Much like open-source software, open data is already playing an important role in transit, and the opportunities for more impact in the world of mobility management are growing.
In this blog series, we’ll be exploring:
- What “open data” means
- What’s possible in our everyday lives because of open data
- What’s possible in transit because of open data
- How open data can help mobility managers
- What the future holds for mobility management and open data
Defining Open Data
The term open data is made up of two words that are so common and familiar that it’s tempting to rely on an intuitive understanding of what they mean when combined into a single concept. However, like most technical terms, open data has a fairly specific meaning. To appreciate the power of open data, we need to start from the same definition.
The Open Knowledge Foundation presents a comprehensive definition of “openness” as it applies to open data and open content, summarizing their definition this way: “Open data and content can be freely used, modified, and shared by anyone for any purpose.” If you’ve read about open-source software, this will sound familiar. That’s not a coincidence: The open-source movement inspired further work to apply the same underlying principles to data.
What Makes a Dataset Open Data?
Another way to capture the essence of the open data concept is to describe open data as both “technically open and legally open,” as presented in the California Open Data Handbook. The technical openness of data refers to how accessible it is; the legal openness of data refers to the license that gives users permission to use the data once they’ve accessed it.
Accessibility of Data
It’s possible for data to be available to the public while still not being easy to acquire and analyze at a large scale. To be fully in the spirit of openness, data should be:
- Machine readable, without a requirement to purchase any particular type of software. To the degree possible, data should be presented in standard formats which themselves are open. Proprietary formats, such as those used by older versions of Excel, are by definition not open. For more information on machine readability and examples of open formats, see this primer from Data.gov.

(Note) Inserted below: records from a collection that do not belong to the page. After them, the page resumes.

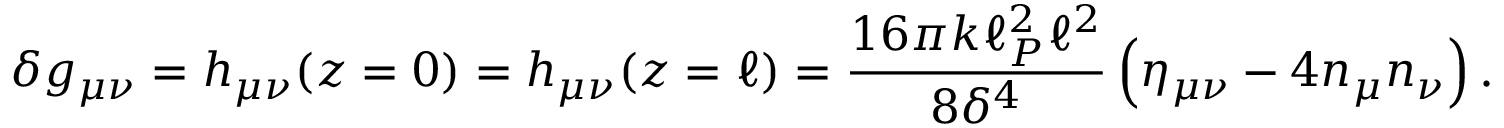
\delta g _ { \mu \nu } = h _ { \mu \nu } ( z = 0 ) = h _ { \mu \nu } ( z = \ell ) = { \frac { 1 6 \pi k \ell _ { P } ^ { 2 } \ell ^ { 2 } } { 8 \delta ^ { 4 } } } \left( \eta _ { \mu \nu } - 4 n _ { \mu } n _ { \nu } \right) .
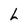
Character: L
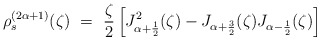
\begin{align*}\rho_s^{(2\alpha+1)}(\zeta) ~=~ \frac{\zeta}{2} \left[ J_{\alpha+\frac{1}{2}}^2(\zeta) - J_{\alpha+\frac{3}{2}}(\zeta) J_{\alpha-\frac{1}{2}}(\zeta) \right]\end{align*}
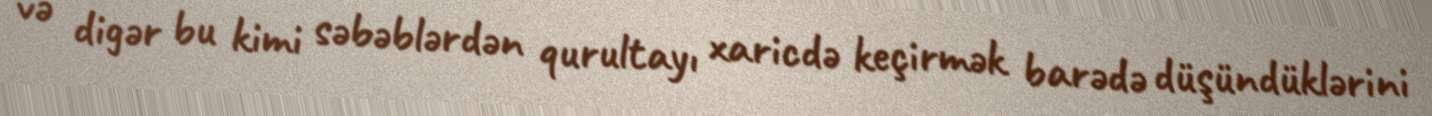
və digər bu kimi səbəblərdən qurultayı xaricdə keçirmək barədə düşündüklərini
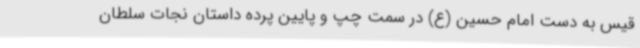
قیس به دست امام حسین (ع) در سمت چپ و پایین پرده داستان نجات سلطان
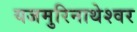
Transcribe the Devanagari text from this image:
यजमुरिनाथेश्‍वर
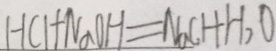
H C l + N a O H = N a C H + H _ { 2 } O
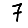
Digit: 7

- Well documented. At its best, technically open data has metadata (“data about the data”) or other documentation that explains what it is, where it comes from, and how it’s maintained.
- Easily searchable. Especially for large data sets, the holder of the data should provide some way to find the desired subset of the data so that a consumer does not need to download and sort through terabytes of files.

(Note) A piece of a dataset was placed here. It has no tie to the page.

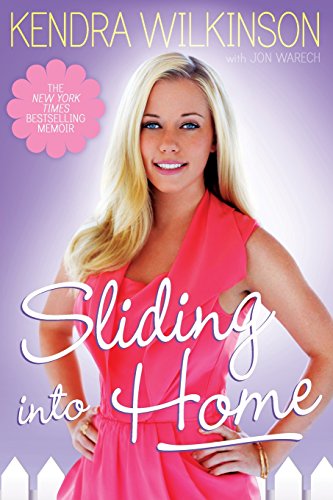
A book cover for Sliding Into Home; Kendra Wilkinson; Biographies & Memoirs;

- Readily accessible. Users can access technically open data without paying money or logging in with a credential or account.
Permission to Use Data
Legally open data has a license that clearly states that the data can be used with no restrictions, for commercial and non-commercial reasons.
It might seem like openness of data is a binary issue–either data is open or it’s not. In practice, it’s more like a window or a door, which can be ajar a little bit, open as far as it can possibly be opened, or anywhere in between.

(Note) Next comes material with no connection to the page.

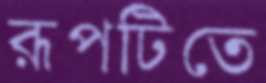
রূপটিতে
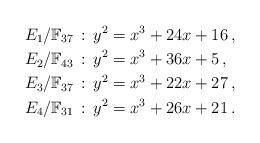
LaTeX: \begin{align*}E_1/\mathbb{F}_{37} \,&:\, y^2 = x^3 + 24x + 16\,,\\E_2/\mathbb{F}_{43}\,&:\,y^2 = x^3 + 36x + 5\,, \\E_3/\mathbb{F}_{37}\,&:\, y^2 = x^3 + 22x + 27\,,\\E_4/\mathbb{F}_{31}\,&:\, y^2 = x^3 + 26x + 21\,.\end{align*}

Sir Tim Berners-Lee, who invented the World Wide Web, created a five-star system to mark specific points along a continuum of openness. To be considered “open” by his definition, data must earn at least 3 stars.
★ Online: Data is discoverable and available online, in any format
★★ Standardized: Online and accessible in a structured data format
★★★ Open Format: Online, standardized, and freely usable, in a nonproprietary format
★★★★ Universal Reference: Online, standardized, freely usable, and is anchored with a Uniform Resource Identifier (for example, a web address)
★★★★★ Contextualized: Online, standardized, freely usable, universal reference and linked to other datasets to provide context
These examples provide a good overview of what’s possible with data at each level of the five-star system.
Is Public Data the Same Thing as Open Data?
Data produced by government entities is quite often public data—but just because data is shared with the public, it does not mean that it is open data.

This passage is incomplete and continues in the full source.